At Stanford, where he majored in physics while taking "every class offered" in religious studies, Russell lamented the lack of a curriculum that would merge his interests: "I just wasn't satisfied with the two-world culture." After graduation, he continued to pursue parallel paths, earning an MS and PhD in physics and master's degrees in theology and divinity. He got his physics doctorate, in fact, on the day he was ordained in the United Church of Christ. Then he taught at Carleton (Minn.) College with Ian Barbour, a pioneer in the academic pairing of science and religion, before heading west three years later to found his own center.

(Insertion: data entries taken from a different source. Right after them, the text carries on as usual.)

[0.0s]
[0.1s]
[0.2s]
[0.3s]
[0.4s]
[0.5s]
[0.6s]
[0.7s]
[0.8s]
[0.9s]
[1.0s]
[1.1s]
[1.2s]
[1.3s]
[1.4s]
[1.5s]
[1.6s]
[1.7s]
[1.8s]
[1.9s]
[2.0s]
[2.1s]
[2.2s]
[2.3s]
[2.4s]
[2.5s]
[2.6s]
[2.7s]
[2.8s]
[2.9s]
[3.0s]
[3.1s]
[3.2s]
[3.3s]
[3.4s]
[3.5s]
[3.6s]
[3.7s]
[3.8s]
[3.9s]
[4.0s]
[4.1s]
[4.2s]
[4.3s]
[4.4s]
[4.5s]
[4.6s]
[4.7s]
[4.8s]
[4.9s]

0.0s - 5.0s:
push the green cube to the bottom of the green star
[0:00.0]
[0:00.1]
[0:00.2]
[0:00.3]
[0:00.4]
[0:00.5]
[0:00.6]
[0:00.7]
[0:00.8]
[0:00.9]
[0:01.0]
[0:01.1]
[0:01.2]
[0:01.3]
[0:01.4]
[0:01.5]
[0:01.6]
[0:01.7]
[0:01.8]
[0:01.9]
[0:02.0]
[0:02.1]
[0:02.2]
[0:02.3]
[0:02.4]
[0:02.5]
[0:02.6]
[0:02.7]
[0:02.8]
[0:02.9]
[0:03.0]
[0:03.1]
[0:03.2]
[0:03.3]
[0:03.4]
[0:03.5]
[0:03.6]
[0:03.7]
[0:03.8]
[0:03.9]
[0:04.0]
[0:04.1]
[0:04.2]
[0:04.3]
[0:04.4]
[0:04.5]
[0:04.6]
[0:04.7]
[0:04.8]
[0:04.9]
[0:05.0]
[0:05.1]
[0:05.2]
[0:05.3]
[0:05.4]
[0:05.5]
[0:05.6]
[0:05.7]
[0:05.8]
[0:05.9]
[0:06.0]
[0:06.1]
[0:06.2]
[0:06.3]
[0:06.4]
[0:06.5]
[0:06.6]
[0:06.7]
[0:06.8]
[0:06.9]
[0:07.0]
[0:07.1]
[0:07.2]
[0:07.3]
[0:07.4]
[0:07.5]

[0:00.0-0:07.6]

The ecumenical institute, affiliated with UC-Berkeley's Graduate Theological Union,organizes scholarly workshops and holds forums on science and faith. Russell directs the center and teaches at the Theological Union. "He's respected by both scientists and theologians," says Barbour. "Because he has degrees in both fields, he reflects the integrity of each."

The marriage of religion and science, though considered something of a novelty today, is historically nothing new. Before the 16th century, when Copernicus shook things up with his heliocentric model of the cosmos, scientific theory mirrored religious thought. Russell points to Renaissance art and Dante's Divine Comedy as profound reflections of that blend. Today, he believes, the world is beginning to move back toward holism, this time with a more enlightened scientific view.

"Human genetics is expanding our understanding of our embeddedness in nature," he says. "At the same time, it underscores our transcendence, our freedom from and responsibility for that ecological web of life."

Russell is writing a book exploring concepts like resurrection and eternal life from a physics perspective. "How does that [religious] language transform itself into the language of galaxies, stars and planets--and yet keep central the hope of Christian faith?" he asks. "Science raises ethical and philosophical questions that deserve a serious response from living faith communities. Those communities aren't just otherworldly or mystical; they're engaged with life-and-death questions at the everyday level."